*Try it*:
Exact copy, no pictures: output each line below as it stands.

(Stored data entries)
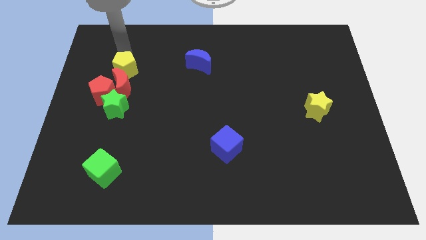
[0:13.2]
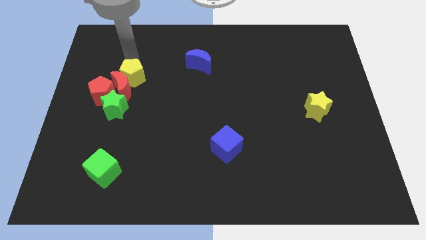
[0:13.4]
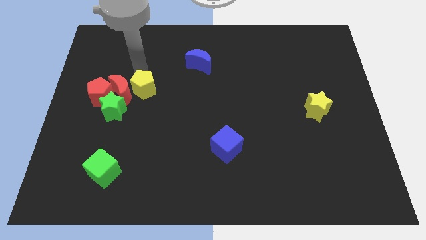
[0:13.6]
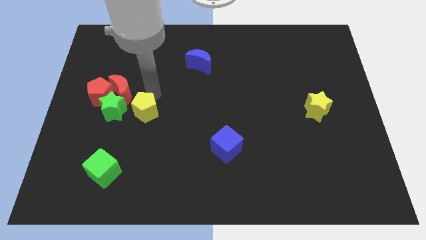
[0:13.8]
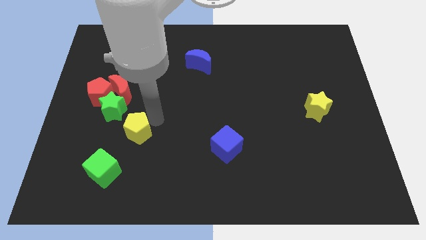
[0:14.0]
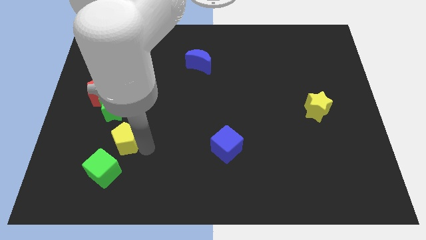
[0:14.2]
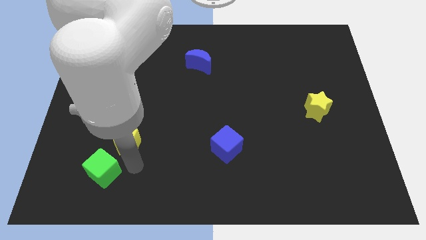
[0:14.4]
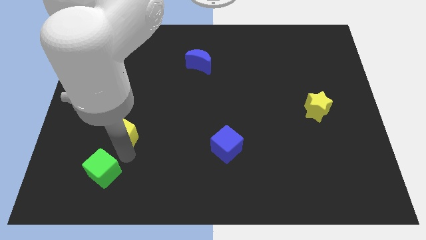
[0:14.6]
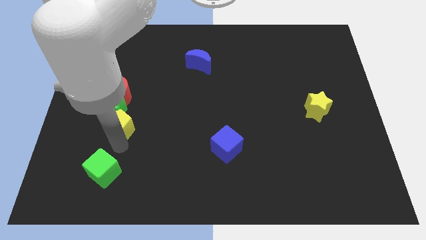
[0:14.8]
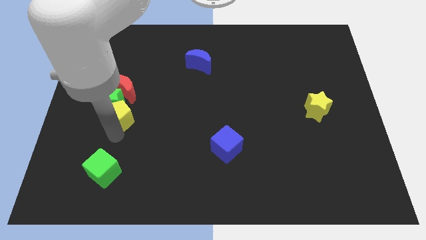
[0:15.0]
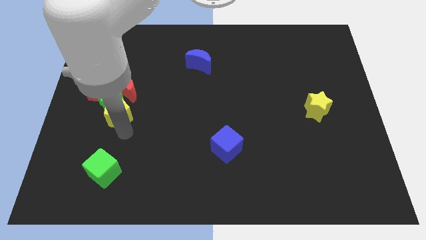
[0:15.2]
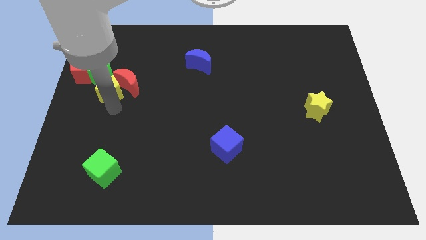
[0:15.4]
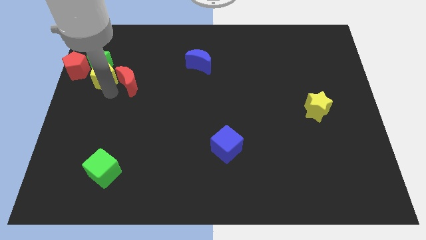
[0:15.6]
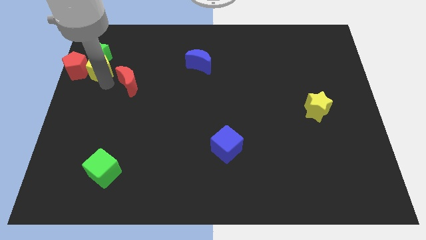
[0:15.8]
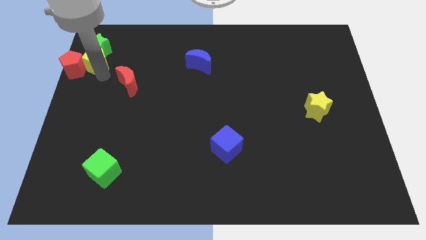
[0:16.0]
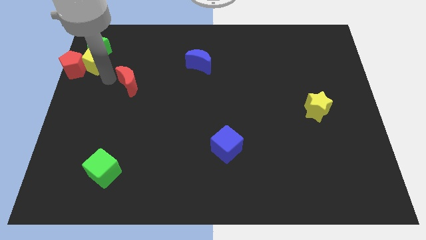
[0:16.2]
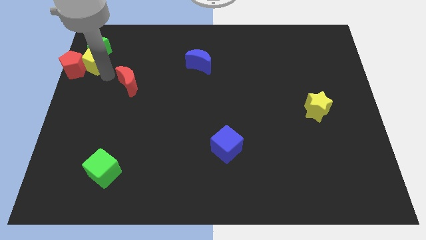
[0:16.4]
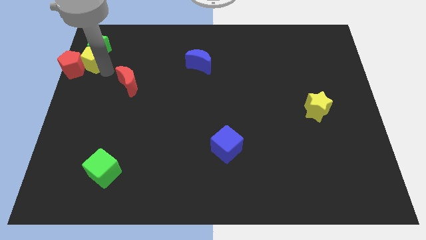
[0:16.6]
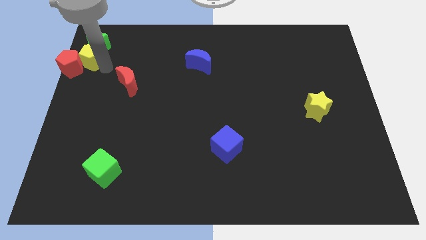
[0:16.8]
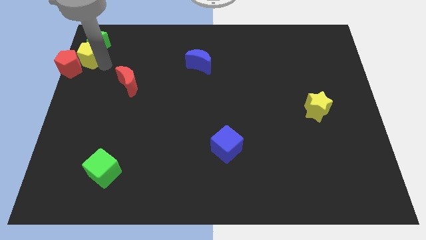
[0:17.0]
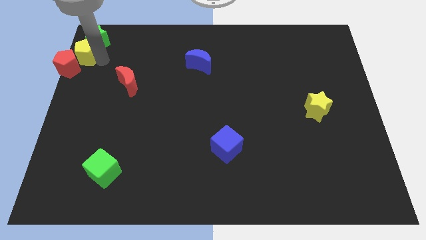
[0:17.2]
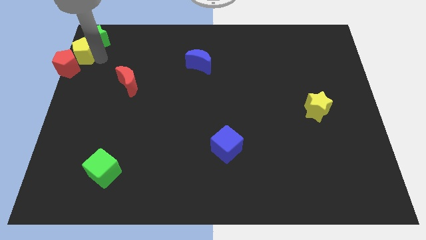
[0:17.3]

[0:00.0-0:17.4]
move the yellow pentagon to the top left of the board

*Answer to this exercise*:
[0:13.2]
[0:13.4]
[0:13.6]
[0:13.8]
[0:14.0]
[0:14.2]
[0:14.4]
[0:14.6]
[0:14.8]
[0:15.0]
[0:15.2]
[0:15.4]
[0:15.6]
[0:15.8]
[0:16.0]
[0:16.2]
[0:16.4]
[0:16.6]
[0:16.8]
[0:17.0]
[0:17.2]
[0:17.3]

[0:00.0-0:17.4]
move the yellow pentagon to the top left of the board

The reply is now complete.